The 7H-pyrrolo[2,3-d]pyrimidine derivatives 16–31 were synthesized via acid-mediated nucleophilic substitution reaction of 4-chloro-7H-pyrrolo[2,3-d]pyrimidine (200 mg, 1.3 mmol) with the appropriate amines (3 equiv). The 4-chloro-7H-pyrrolo[2,3-d]pyrimidine (200 mg, 1.3 mmol) and the appropriate amines were dissolved in 5 ml of isopropanol, and 3-drops of conc HCl were added. The mixtures were refluxed for 12–48 h, allowed to reach room temperature, and water (10 ml) was added to precipitate out the products. The crude products were filtered, washed with water, and air-dried overnight.
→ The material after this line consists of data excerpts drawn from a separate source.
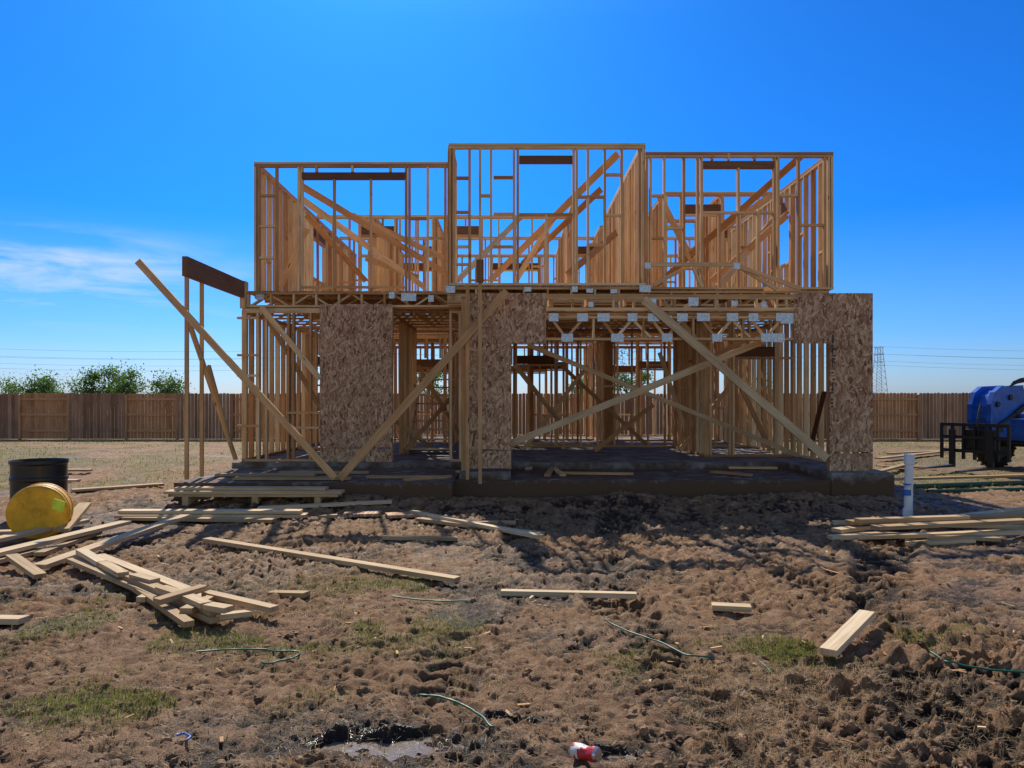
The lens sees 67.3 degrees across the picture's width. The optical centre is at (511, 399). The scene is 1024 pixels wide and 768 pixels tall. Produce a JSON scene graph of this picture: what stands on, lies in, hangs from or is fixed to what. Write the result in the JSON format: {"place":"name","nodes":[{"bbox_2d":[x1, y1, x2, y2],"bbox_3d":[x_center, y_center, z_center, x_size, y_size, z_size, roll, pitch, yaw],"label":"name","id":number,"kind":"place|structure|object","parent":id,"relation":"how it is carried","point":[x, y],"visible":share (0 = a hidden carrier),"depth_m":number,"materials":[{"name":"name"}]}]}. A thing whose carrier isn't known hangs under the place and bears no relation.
{"place":"outdoors","nodes":[
{"label":"outdoors","id":0,"kind":"place"},
{"bbox_2d":[0,400,1023,767],"bbox_3d":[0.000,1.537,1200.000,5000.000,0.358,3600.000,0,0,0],"label":"ground","id":1,"kind":"structure","parent":0,"point":[608,518],"depth_m":5.42,"materials":[{"name":"brown soil"}]},
{"bbox_2d":[0,615,29,624],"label":"lumber board","id":2,"kind":"object","parent":1,"relation":"on","point":[11,619],"visible":1,"depth_m":5.42,"materials":[{"name":"beige wood"}]},
{"bbox_2d":[0,371,47,394],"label":"tree","id":3,"kind":"object","parent":1,"relation":"on","point":[16,389],"visible":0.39,"depth_m":41.69,"materials":[{"name":"green plant"}]},
{"bbox_2d":[8,458,68,499],"bbox_3d":[-6.391,1.243,10.391,0.704,0.860,0.704,0,0,0],"label":"black drum","id":4,"kind":"object","parent":1,"relation":"on","point":[24,473],"visible":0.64,"depth_m":10.13,"materials":[{"name":"metal"}]},
{"bbox_2d":[5,483,73,538],"bbox_3d":[-5.471,1.304,8.883,0.645,0.645,0.506,0,0,-21],"label":"yellow drum","id":5,"kind":"object","parent":1,"relation":"on","point":[38,505],"visible":0.88,"depth_m":8.81,"materials":[{"name":"metal"}]},
{"bbox_2d":[18,365,70,393],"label":"tree","id":6,"kind":"object","parent":1,"relation":"on","point":[46,386],"visible":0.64,"depth_m":42.76,"materials":[{"name":"green plant"}]},
{"bbox_2d":[59,365,107,393],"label":"tree","id":7,"kind":"object","parent":1,"relation":"on","point":[92,376],"visible":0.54,"depth_m":41.74,"materials":[{"name":"green plant"}]},
{"bbox_2d":[0,502,189,578],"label":"lumber pile","id":8,"kind":"object","parent":1,"relation":"on","point":[14,555],"visible":0.98,"depth_m":8.15,"materials":[{"name":"beige wood"}]},
{"bbox_2d":[91,357,142,405],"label":"tree","id":9,"kind":"object","parent":1,"relation":"on","point":[110,375],"visible":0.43,"depth_m":42.73,"materials":[{"name":"green plant"}]},
{"bbox_2d":[103,359,162,404],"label":"tree","id":10,"kind":"object","parent":1,"relation":"on","point":[129,383],"visible":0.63,"depth_m":41.79,"materials":[{"name":"green plant"}]},
{"bbox_2d":[143,368,194,411],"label":"tree","id":11,"kind":"object","parent":1,"relation":"on","point":[170,387],"visible":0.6,"depth_m":42.80,"materials":[{"name":"green plant"}]},
{"bbox_2d":[66,548,278,627],"bbox_3d":[-3.062,1.494,6.369,3.179,0.158,0.597,0,0,42],"label":"pile","id":12,"kind":"object","parent":1,"relation":"on","point":[175,601],"visible":1,"depth_m":5.81,"materials":[{"name":"beige wood"}]},
{"bbox_2d":[176,732,191,740],"bbox_3d":[-1.531,1.577,3.604,0.098,0.016,0.048,0,0,34],"label":"blue plastic scrap","id":13,"kind":"object","parent":1,"relation":"on","point":[186,734],"visible":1,"depth_m":3.61,"materials":[{"name":"blue plastic"}]},
{"bbox_2d":[68,469,391,522],"bbox_3d":[-6.175,1.505,13.301,3.215,0.167,9.724,0,0,-45],"label":"lumber pile","id":14,"kind":"object","parent":1,"relation":"on","point":[266,514],"visible":0.75,"depth_m":10.21,"materials":[{"name":"beige wood"}]},
{"bbox_2d":[196,648,300,663],"bbox_3d":[-1.645,1.574,4.750,0.672,0.025,0.255,0,0,10],"label":"green strap","id":15,"kind":"object","parent":1,"relation":"on","point":[299,652],"visible":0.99,"depth_m":4.82,"materials":[{"name":"plastic"}]},
{"bbox_2d":[267,590,309,597],"bbox_3d":[-1.789,1.557,6.157,0.352,0.066,0.089,0,0,22],"label":"lumber board","id":16,"kind":"object","parent":1,"relation":"on","point":[296,593],"visible":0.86,"depth_m":6.11,"materials":[{"name":"beige wood"}]},
{"bbox_2d":[164,471,436,505],"bbox_3d":[-3.100,1.363,11.983,3.805,0.328,1.935,0,0,0],"label":"plank stack","id":17,"kind":"object","parent":1,"relation":"on","point":[189,495],"visible":0.94,"depth_m":11.15,"materials":[{"name":"beige wood"}]},
{"bbox_2d":[203,537,460,582],"bbox_3d":[-1.878,1.528,7.449,3.253,0.090,0.100,0,0,30],"label":"lumber board","id":18,"kind":"object","parent":1,"relation":"on","point":[365,564],"visible":1,"depth_m":7.26,"materials":[{"name":"beige wood"}]},
{"bbox_2d":[343,510,422,517],"bbox_3d":[-1.718,1.550,10.389,1.143,0.050,0.446,0,0,0],"label":"plywood scrap","id":19,"kind":"object","parent":1,"relation":"on","point":[372,513],"visible":0.89,"depth_m":10.30,"materials":[{"name":"brown wood"}]},
{"bbox_2d":[321,736,463,760],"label":"puddle","id":20,"kind":"object","parent":1,"relation":"on","point":[404,748],"visible":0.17,"depth_m":3.66,"materials":[{"name":"grey liquid"}]},
{"bbox_2d":[392,596,469,601],"bbox_3d":[-0.654,1.575,6.056,0.656,0.021,0.089,0,0,13],"label":"green strap","id":21,"kind":"object","parent":1,"relation":"on","point":[430,600],"visible":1,"depth_m":6.01,"materials":[{"name":"plastic"}]},
{"bbox_2d":[417,374,447,408],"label":"tree","id":22,"kind":"object","parent":1,"relation":"on","point":[437,385],"visible":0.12,"depth_m":43.43,"materials":[{"name":"green plant"}]},
{"bbox_2d":[419,694,494,727],"bbox_3d":[-0.264,1.579,3.935,0.089,0.016,0.577,0,0,-45],"label":"green strap","id":23,"kind":"object","parent":1,"relation":"on","point":[469,708],"visible":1,"depth_m":3.96,"materials":[{"name":"plastic"}]},
{"bbox_2d":[382,510,544,540],"bbox_3d":[-0.528,1.545,9.507,1.828,0.088,2.108,0,0,0],"label":"lumber pile","id":24,"kind":"object","parent":1,"relation":"on","point":[459,522],"visible":0.96,"depth_m":9.34,"materials":[{"name":"beige wood"}]},
{"bbox_2d":[0,559,1008,760],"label":"grass","id":25,"kind":"structure","parent":1,"relation":"on","point":[798,651],"depth_m":4.91,"materials":[{"name":"green plant"}]},
{"bbox_2d":[0,518,1023,767],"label":"dry straw","id":26,"kind":"object","parent":1,"relation":"on","point":[766,708],"visible":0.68,"depth_m":4.08,"materials":[{"name":"beige plant"}]},
{"bbox_2d":[0,491,1023,767],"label":"dirt clods","id":27,"kind":"object","parent":1,"relation":"on","point":[726,763],"visible":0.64,"depth_m":4.12,"materials":[{"name":"brown soil"}]},
{"bbox_2d":[0,393,1023,438],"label":"wooden fence","id":28,"kind":"object","parent":1,"relation":"on","point":[150,415],"visible":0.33,"depth_m":30.95,"materials":[{"name":"brown wood"}]},
{"bbox_2d":[2,487,1022,743],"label":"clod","id":29,"kind":"object","parent":1,"relation":"on","point":[592,615],"visible":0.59,"depth_m":5.39,"materials":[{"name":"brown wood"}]},
{"bbox_2d":[135,143,893,498],"bbox_3d":[0.159,-1.304,17.841,11.642,6.609,12.618,0,0,0],"label":"wooden house frame","id":30,"kind":"object","parent":1,"relation":"on","point":[623,293],"visible":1,"depth_m":14.11,"materials":[{"name":"brown wood"}]},
{"bbox_2d":[403,466,777,480],"bbox_3d":[1.421,1.238,13.971,6.700,0.048,3.454,0,0,-8],"label":"scrap lumber","id":31,"kind":"object","parent":30,"relation":"on","point":[550,471],"visible":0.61,"depth_m":12.87,"materials":[{"name":"brown wood"}]},
{"bbox_2d":[501,589,636,598],"bbox_3d":[0.456,1.572,6.226,1.092,0.041,0.070,0,0,5],"label":"lumber board","id":32,"kind":"object","parent":1,"relation":"on","point":[566,593],"visible":1,"depth_m":6.20,"materials":[{"name":"beige wood"}]},
{"bbox_2d":[568,375,595,396],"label":"tree","id":33,"kind":"object","parent":1,"relation":"on","point":[574,389],"visible":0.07,"depth_m":45.73,"materials":[{"name":"green plant"}]},
{"bbox_2d":[569,742,601,762],"bbox_3d":[0.326,1.565,3.413,0.151,0.085,0.069,0,0,41],"label":"crushed soda can","id":34,"kind":"object","parent":1,"relation":"on","point":[582,751],"visible":1,"depth_m":3.39,"materials":[{"name":"metal"}]},
{"bbox_2d":[606,754,635,759],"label":"puddle","id":35,"kind":"object","parent":1,"relation":"on","point":[630,757],"visible":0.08,"depth_m":3.58,"materials":[{"name":"liquid"}]},
{"bbox_2d":[595,345,660,392],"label":"tree","id":36,"kind":"object","parent":1,"relation":"on","point":[621,377],"visible":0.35,"depth_m":43.85,"materials":[{"name":"green plant"}]},
{"bbox_2d":[604,619,711,657],"bbox_3d":[0.906,1.573,5.070,0.103,0.027,0.954,0,0,-37],"label":"green strap","id":37,"kind":"object","parent":1,"relation":"on","point":[660,642],"visible":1,"depth_m":5.00,"materials":[{"name":"plastic"}]},
{"bbox_2d":[711,602,751,612],"bbox_3d":[1.659,1.571,5.818,0.286,0.040,0.100,0,0,11],"label":"lumber board","id":38,"kind":"object","parent":1,"relation":"on","point":[730,607],"visible":1,"depth_m":5.78,"materials":[{"name":"beige wood"}]},
{"bbox_2d":[819,609,874,656],"bbox_3d":[2.193,1.508,5.001,0.100,0.068,0.943,0,0,38],"label":"lumber board","id":39,"kind":"object","parent":1,"relation":"on","point":[841,639],"visible":1,"depth_m":4.91,"materials":[{"name":"beige wood"}]},
{"bbox_2d":[873,346,887,392],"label":"transmission tower","id":40,"kind":"structure","parent":1,"relation":"on","point":[879,358],"depth_m":418.38,"materials":[{"name":"metal"}]},
{"bbox_2d":[1,346,1023,370],"bbox_3d":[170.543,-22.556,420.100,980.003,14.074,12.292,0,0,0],"label":"power lines","id":41,"kind":"object","parent":40,"relation":"attached to","point":[436,355],"visible":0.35,"depth_m":425.45,"materials":[{"name":"metal"}]},
{"bbox_2d":[902,454,914,515],"bbox_3d":[5.356,1.256,10.380,0.151,1.032,0.131,0,0,0],"label":"pvc vent pipe","id":42,"kind":"object","parent":1,"relation":"on","point":[909,463],"visible":0.69,"depth_m":10.33,"materials":[{"name":"white plastic"}]},
{"bbox_2d":[827,507,1023,546],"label":"lumber pile","id":43,"kind":"object","parent":1,"relation":"on","point":[858,527],"visible":1,"depth_m":8.67,"materials":[{"name":"beige wood"}]},
{"bbox_2d":[874,450,1023,480],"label":"lumber pile","id":44,"kind":"object","parent":1,"relation":"on","point":[902,465],"visible":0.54,"depth_m":14.92,"materials":[{"name":"beige wood"}]},
{"bbox_2d":[913,480,1023,492],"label":"drain pipes","id":45,"kind":"object","parent":1,"relation":"on","point":[963,484],"visible":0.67,"depth_m":13.86,"materials":[{"name":"plastic"}]},
{"bbox_2d":[917,378,1023,471],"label":"blue telehandler","id":46,"kind":"object","parent":1,"relation":"on","point":[992,436],"visible":0.99,"depth_m":16.70,"materials":[{"name":"paint"}]},
{"bbox_2d":[930,651,1023,672],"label":"green strap","id":47,"kind":"object","parent":1,"relation":"on","point":[989,669],"visible":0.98,"depth_m":4.52,"materials":[{"name":"plastic"}]},
{"bbox_2d":[0,439,1023,489],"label":"lawn grass","id":48,"kind":"structure","parent":0,"point":[977,480],"depth_m":20.40,"materials":[{"name":"plant"}]},
{"bbox_2d":[0,0,1023,399],"label":"sky","id":49,"kind":"structure","parent":0,"point":[131,131],"materials":[{"name":"blue"}]}
]}

Recrystallization from suitable solvents (e.g. methanol) afforded the target compounds in yields of 16–94%.

N-phenyl-7H-pyrrolo[2,3-d]pyrimidin-4-amine (1). White powder, yield 37%, mp 241 °C. 1H NMR (600 MHz, DMSO-d6) δ 11.74 (br s, 1H, NH, H-7), 9.29 (s, 1H, NH), 8.27 (s, 1H, H-2), 7.89 (d, J = 7.7 Hz, 2H, Ar–H), 7.33 (t, J = 7.9 Hz, 2H, Ar–H), 7.23 (dd, J = 3.5, 1.7 Hz, 1H, H-6), 7.01 (t, 1H, J = 7.3, Ar–H), 6.79 (d, J = 2.9 Hz, 1H, H-5).13C NMR (151 MHz, DMSO-d6) δ 153.6, 150.9, 150.8, 140.4, 128.5, 122.1, 121.9, 120.3, 103.7, 98.8. HRMS (APCI) m/z: calcd for C12H11N4 [M + H]+: 211.0978, found: 211.0981.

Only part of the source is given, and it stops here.